Resulullah'ın hadislerini mi arıyorsunuz ?
Türkiye'nin En Geniş Kapsamlı Hadis Sitesi
HZ.MUHAMMED (Sallallahu Aleyhi ve Sellem)
"أَللّٰهُمَّ صَلِّ عَلٰى مُحَمَّدٍ وَعَلٰى اٰلِ مُحَمَّدٍ"

Latest Post

بِسْمِ اللَّهِ الرَّحْمٰنِ الرَّحِيمِ
Rahmân ve Rahîm olan Allah’ın adıyla

 16. Namazı Kaç Rekat Kıldığı Hususunda Şüphelenen Kimsenin Namazını Tamamlaması

254. Yesâr oğlu Atâ, Resûlüllah'ın şöyle dediğini Rivâyet etti:

« Hanginiz namazda —üç mü, dört mü?— kaç rekât kıldığı hususunda şüphelenirse, bir rekât daha kılsın, oturarak selâm vermeden önce iki secde yapsın. Şayet son kıldığı beşinci rekât olursa, sehiv secdesi onu çift (yani altı rekât) yapar.

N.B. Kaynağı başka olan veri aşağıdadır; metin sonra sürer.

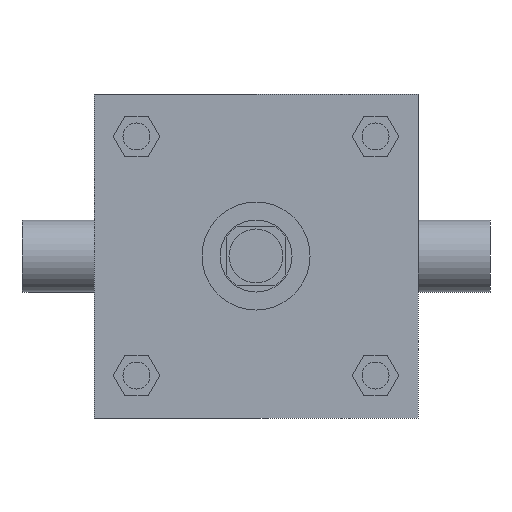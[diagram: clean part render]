
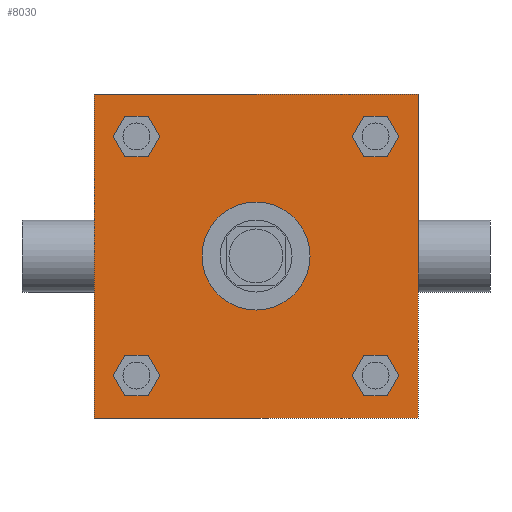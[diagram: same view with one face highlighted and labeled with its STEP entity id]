
A CAD part, front view. The second image highlights one B-rep face of the part: STEP entity #8030.
In plain terms, the highlighted face is planar.
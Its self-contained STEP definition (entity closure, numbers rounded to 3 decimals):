
#424=EDGE_CURVE('',#430,#430,#425,.T.);
#425=CIRCLE('',#426,19.05);
#426=AXIS2_PLACEMENT_3D('',#427,#428,#429);
#427=CARTESIAN_POINT('',(0.,19.05,0.));
#428=DIRECTION('',(0.,1.,0.));
#429=DIRECTION('',(1.,0.,0.));
#430=VERTEX_POINT('',#431);
#431=CARTESIAN_POINT('',(19.05,19.05,0.));
#562=VERTEX_POINT('',#563);
#563=CARTESIAN_POINT('',(57.15,19.05,-57.15));
#564=EDGE_CURVE('',#569,#562,#565,.T.);
#565=LINE('',#566,#567);
#566=CARTESIAN_POINT('',(-57.15,19.05,-57.15));
#567=VECTOR('',#568,1.);
#568=DIRECTION('',(1.,0.,0.));
#569=VERTEX_POINT('',#570);
#570=CARTESIAN_POINT('',(-57.15,19.05,-57.15));
#603=VERTEX_POINT('',#604);
#604=CARTESIAN_POINT('',(-57.15,19.05,57.15));
#605=EDGE_CURVE('',#610,#603,#606,.T.);
#606=LINE('',#607,#608);
#607=CARTESIAN_POINT('',(57.15,19.05,57.15));
#608=VECTOR('',#609,1.);
#609=DIRECTION('',(-1.,0.,0.));
#610=VERTEX_POINT('',#611);
#611=CARTESIAN_POINT('',(57.15,19.05,57.15));
#639=EDGE_CURVE('',#603,#569,#640,.T.);
#640=LINE('',#641,#642);
#641=CARTESIAN_POINT('',(-57.15,19.05,57.15));
#642=VECTOR('',#643,1.);
#643=DIRECTION('',(0.,0.,-1.));
#666=EDGE_CURVE('',#562,#610,#667,.T.);
#667=LINE('',#668,#669);
#668=CARTESIAN_POINT('',(57.15,19.05,-57.15));
#669=VECTOR('',#670,1.);
#670=DIRECTION('',(0.,0.,1.));
#793=FACE_OUTER_BOUND('',#799,.T.);
#794=FACE_BOUND('',#800,.T.);
#795=FACE_BOUND('',#801,.T.);
#796=FACE_BOUND('',#802,.T.);
#797=FACE_BOUND('',#803,.T.);
#798=FACE_BOUND('',#804,.T.);
#799=EDGE_LOOP('',(#805,#806,#807,#808,#809,#810));
#800=EDGE_LOOP('',(#853,#854,#855,#856,#857,#858));
#801=EDGE_LOOP('',(#901,#902,#903,#904));
#802=EDGE_LOOP('',(#905));
#803=EDGE_LOOP('',(#914,#915,#916,#917,#918,#919));
#804=EDGE_LOOP('',(#962,#963,#964,#965,#966,#967));
#805=ORIENTED_EDGE('',*,*,#811,.F.);
#806=ORIENTED_EDGE('',*,*,#820,.F.);
#807=ORIENTED_EDGE('',*,*,#827,.F.);
#808=ORIENTED_EDGE('',*,*,#834,.F.);
#809=ORIENTED_EDGE('',*,*,#841,.F.);
#810=ORIENTED_EDGE('',*,*,#848,.F.);
#811=EDGE_CURVE('',#816,#817,#812,.T.);
#812=LINE('',#813,#814);
#813=CARTESIAN_POINT('',(-50.413,19.05,-42.164));
#814=VECTOR('',#815,1.);
#815=DIRECTION('',(0.5,0.,-0.866));
#816=VERTEX_POINT('',#818);
#817=VERTEX_POINT('',#819);
#818=CARTESIAN_POINT('',(-50.413,19.05,-42.164));
#819=CARTESIAN_POINT('',(-46.288,19.05,-49.308));
#820=EDGE_CURVE('',#825,#816,#821,.T.);
#821=LINE('',#822,#823);
#822=CARTESIAN_POINT('',(-46.288,19.05,-35.02));
#823=VECTOR('',#824,1.);
#824=DIRECTION('',(-0.5,0.,-0.866));
#825=VERTEX_POINT('',#826);
#826=CARTESIAN_POINT('',(-46.288,19.05,-35.02));
#827=EDGE_CURVE('',#832,#825,#828,.T.);
#828=LINE('',#829,#830);
#829=CARTESIAN_POINT('',(-38.04,19.05,-35.02));
#830=VECTOR('',#831,1.);
#831=DIRECTION('',(-1.,0.,0.));
#832=VERTEX_POINT('',#833);
#833=CARTESIAN_POINT('',(-38.04,19.05,-35.02));
#834=EDGE_CURVE('',#839,#832,#835,.T.);
#835=LINE('',#836,#837);
#836=CARTESIAN_POINT('',(-33.915,19.05,-42.164));
#837=VECTOR('',#838,1.);
#838=DIRECTION('',(-0.5,0.,0.866));
#839=VERTEX_POINT('',#840);
#840=CARTESIAN_POINT('',(-33.915,19.05,-42.164));
#841=EDGE_CURVE('',#846,#839,#842,.T.);
#842=LINE('',#843,#844);
#843=CARTESIAN_POINT('',(-38.04,19.05,-49.308));
#844=VECTOR('',#845,1.);
#845=DIRECTION('',(0.5,0.,0.866));
#846=VERTEX_POINT('',#847);
#847=CARTESIAN_POINT('',(-38.04,19.05,-49.308));
#848=EDGE_CURVE('',#817,#846,#849,.T.);
#849=LINE('',#850,#851);
#850=CARTESIAN_POINT('',(-46.288,19.05,-49.308));
#851=VECTOR('',#852,1.);
#852=DIRECTION('',(1.,0.,0.));
#853=ORIENTED_EDGE('',*,*,#859,.F.);
#854=ORIENTED_EDGE('',*,*,#868,.F.);
#855=ORIENTED_EDGE('',*,*,#875,.F.);
#856=ORIENTED_EDGE('',*,*,#882,.F.);
#857=ORIENTED_EDGE('',*,*,#889,.F.);
#858=ORIENTED_EDGE('',*,*,#896,.F.);
#859=EDGE_CURVE('',#864,#865,#860,.T.);
#860=LINE('',#861,#862);
#861=CARTESIAN_POINT('',(-50.413,19.05,42.164));
#862=VECTOR('',#863,1.);
#863=DIRECTION('',(0.5,0.,-0.866));
#864=VERTEX_POINT('',#866);
#865=VERTEX_POINT('',#867);
#866=CARTESIAN_POINT('',(-50.413,19.05,42.164));
#867=CARTESIAN_POINT('',(-46.288,19.05,35.02));
#868=EDGE_CURVE('',#873,#864,#869,.T.);
#869=LINE('',#870,#871);
#870=CARTESIAN_POINT('',(-46.288,19.05,49.308));
#871=VECTOR('',#872,1.);
#872=DIRECTION('',(-0.5,0.,-0.866));
#873=VERTEX_POINT('',#874);
#874=CARTESIAN_POINT('',(-46.288,19.05,49.308));
#875=EDGE_CURVE('',#880,#873,#876,.T.);
#876=LINE('',#877,#878);
#877=CARTESIAN_POINT('',(-38.04,19.05,49.308));
#878=VECTOR('',#879,1.);
#879=DIRECTION('',(-1.,0.,0.));
#880=VERTEX_POINT('',#881);
#881=CARTESIAN_POINT('',(-38.04,19.05,49.308));
#882=EDGE_CURVE('',#887,#880,#883,.T.);
#883=LINE('',#884,#885);
#884=CARTESIAN_POINT('',(-33.915,19.05,42.164));
#885=VECTOR('',#886,1.);
#886=DIRECTION('',(-0.5,0.,0.866));
#887=VERTEX_POINT('',#888);
#888=CARTESIAN_POINT('',(-33.915,19.05,42.164));
#889=EDGE_CURVE('',#894,#887,#890,.T.);
#890=LINE('',#891,#892);
#891=CARTESIAN_POINT('',(-38.04,19.05,35.02));
#892=VECTOR('',#893,1.);
#893=DIRECTION('',(0.5,0.,0.866));
#894=VERTEX_POINT('',#895);
#895=CARTESIAN_POINT('',(-38.04,19.05,35.02));
#896=EDGE_CURVE('',#865,#894,#897,.T.);
#897=LINE('',#898,#899);
#898=CARTESIAN_POINT('',(-46.288,19.05,35.02));
#899=VECTOR('',#900,1.);
#900=DIRECTION('',(1.,0.,0.));
#901=ORIENTED_EDGE('',*,*,#639,.T.);
#902=ORIENTED_EDGE('',*,*,#564,.T.);
#903=ORIENTED_EDGE('',*,*,#666,.T.);
#904=ORIENTED_EDGE('',*,*,#605,.T.);
#905=ORIENTED_EDGE('',*,*,#424,.F.);
#914=ORIENTED_EDGE('',*,*,#920,.F.);
#915=ORIENTED_EDGE('',*,*,#929,.F.);
#916=ORIENTED_EDGE('',*,*,#936,.F.);
#917=ORIENTED_EDGE('',*,*,#943,.F.);
#918=ORIENTED_EDGE('',*,*,#950,.F.);
#919=ORIENTED_EDGE('',*,*,#957,.F.);
#920=EDGE_CURVE('',#925,#926,#921,.T.);
#921=LINE('',#922,#923);
#922=CARTESIAN_POINT('',(33.915,19.05,-42.164));
#923=VECTOR('',#924,1.);
#924=DIRECTION('',(0.5,0.,-0.866));
#925=VERTEX_POINT('',#927);
#926=VERTEX_POINT('',#928);
#927=CARTESIAN_POINT('',(33.915,19.05,-42.164));
#928=CARTESIAN_POINT('',(38.04,19.05,-49.308));
#929=EDGE_CURVE('',#934,#925,#930,.T.);
#930=LINE('',#931,#932);
#931=CARTESIAN_POINT('',(38.04,19.05,-35.02));
#932=VECTOR('',#933,1.);
#933=DIRECTION('',(-0.5,0.,-0.866));
#934=VERTEX_POINT('',#935);
#935=CARTESIAN_POINT('',(38.04,19.05,-35.02));
#936=EDGE_CURVE('',#941,#934,#937,.T.);
#937=LINE('',#938,#939);
#938=CARTESIAN_POINT('',(46.288,19.05,-35.02));
#939=VECTOR('',#940,1.);
#940=DIRECTION('',(-1.,0.,0.));
#941=VERTEX_POINT('',#942);
#942=CARTESIAN_POINT('',(46.288,19.05,-35.02));
#943=EDGE_CURVE('',#948,#941,#944,.T.);
#944=LINE('',#945,#946);
#945=CARTESIAN_POINT('',(50.413,19.05,-42.164));
#946=VECTOR('',#947,1.);
#947=DIRECTION('',(-0.5,0.,0.866));
#948=VERTEX_POINT('',#949);
#949=CARTESIAN_POINT('',(50.413,19.05,-42.164));
#950=EDGE_CURVE('',#955,#948,#951,.T.);
#951=LINE('',#952,#953);
#952=CARTESIAN_POINT('',(46.288,19.05,-49.308));
#953=VECTOR('',#954,1.);
#954=DIRECTION('',(0.5,0.,0.866));
#955=VERTEX_POINT('',#956);
#956=CARTESIAN_POINT('',(46.288,19.05,-49.308));
#957=EDGE_CURVE('',#926,#955,#958,.T.);
#958=LINE('',#959,#960);
#959=CARTESIAN_POINT('',(38.04,19.05,-49.308));
#960=VECTOR('',#961,1.);
#961=DIRECTION('',(1.,0.,0.));
#962=ORIENTED_EDGE('',*,*,#968,.F.);
#963=ORIENTED_EDGE('',*,*,#977,.F.);
#964=ORIENTED_EDGE('',*,*,#984,.F.);
#965=ORIENTED_EDGE('',*,*,#991,.F.);
#966=ORIENTED_EDGE('',*,*,#998,.F.);
#967=ORIENTED_EDGE('',*,*,#1005,.F.);
#968=EDGE_CURVE('',#973,#974,#969,.T.);
#969=LINE('',#970,#971);
#970=CARTESIAN_POINT('',(33.915,19.05,42.164));
#971=VECTOR('',#972,1.);
#972=DIRECTION('',(0.5,0.,-0.866));
#973=VERTEX_POINT('',#975);
#974=VERTEX_POINT('',#976);
#975=CARTESIAN_POINT('',(33.915,19.05,42.164));
#976=CARTESIAN_POINT('',(38.04,19.05,35.02));
#977=EDGE_CURVE('',#982,#973,#978,.T.);
#978=LINE('',#979,#980);
#979=CARTESIAN_POINT('',(38.04,19.05,49.308));
#980=VECTOR('',#981,1.);
#981=DIRECTION('',(-0.5,0.,-0.866));
#982=VERTEX_POINT('',#983);
#983=CARTESIAN_POINT('',(38.04,19.05,49.308));
#984=EDGE_CURVE('',#989,#982,#985,.T.);
#985=LINE('',#986,#987);
#986=CARTESIAN_POINT('',(46.288,19.05,49.308));
#987=VECTOR('',#988,1.);
#988=DIRECTION('',(-1.,0.,0.));
#989=VERTEX_POINT('',#990);
#990=CARTESIAN_POINT('',(46.288,19.05,49.308));
#991=EDGE_CURVE('',#996,#989,#992,.T.);
#992=LINE('',#993,#994);
#993=CARTESIAN_POINT('',(50.413,19.05,42.164));
#994=VECTOR('',#995,1.);
#995=DIRECTION('',(-0.5,0.,0.866));
#996=VERTEX_POINT('',#997);
#997=CARTESIAN_POINT('',(50.413,19.05,42.164));
#998=EDGE_CURVE('',#1003,#996,#999,.T.);
#999=LINE('',#1000,#1001);
#1000=CARTESIAN_POINT('',(46.288,19.05,35.02));
#1001=VECTOR('',#1002,1.);
#1002=DIRECTION('',(0.5,0.,0.866));
#1003=VERTEX_POINT('',#1004);
#1004=CARTESIAN_POINT('',(46.288,19.05,35.02));
#1005=EDGE_CURVE('',#974,#1003,#1006,.T.);
#1006=LINE('',#1007,#1008);
#1007=CARTESIAN_POINT('',(38.04,19.05,35.02));
#1008=VECTOR('',#1009,1.);
#1009=DIRECTION('',(1.,0.,0.));
#1010=PLANE('',#1011);
#1011=AXIS2_PLACEMENT_3D('',#1012,#1013,#1014);
#1012=CARTESIAN_POINT('',(-57.15,19.05,57.15));
#1013=DIRECTION('',(0.,1.,0.));
#1014=DIRECTION('',(0.,0.,1.));
#8030=ADVANCED_FACE('',(#793,#794,#795,#796,#797,#798),#1010,.F.);

Yok eğer dört rekât olmuş ise, sehiv secdesi (namazda vesvese vermek isteyen) şeytanı çatlatır.»

255. Hazret-i Ömer'in oğlu Abdullah derdi ki: Hanginiz namazda kaç rekât kıldığı hususunda şüphelenirse, düşünsün, kanaatinin kuvvetli olduğu şekle göre namazını kılsın. Sonra da oturuyorken iki sehiv secdesi yapsın.

256. Yesâr oğlu Atâ der ki: Amr b. As'ın oğlu Abdullah'a ve Kâbül-Ahbâr'a namazı üç rekât mı, dört rekât mı kıldığı hususunda şüphelenen kimsenin ne yapması gerektiğini sordum, ikisi de:

« Bir rekât daha kılsın, sonra da oturuyorken iki secde daha yapsın,» dediler.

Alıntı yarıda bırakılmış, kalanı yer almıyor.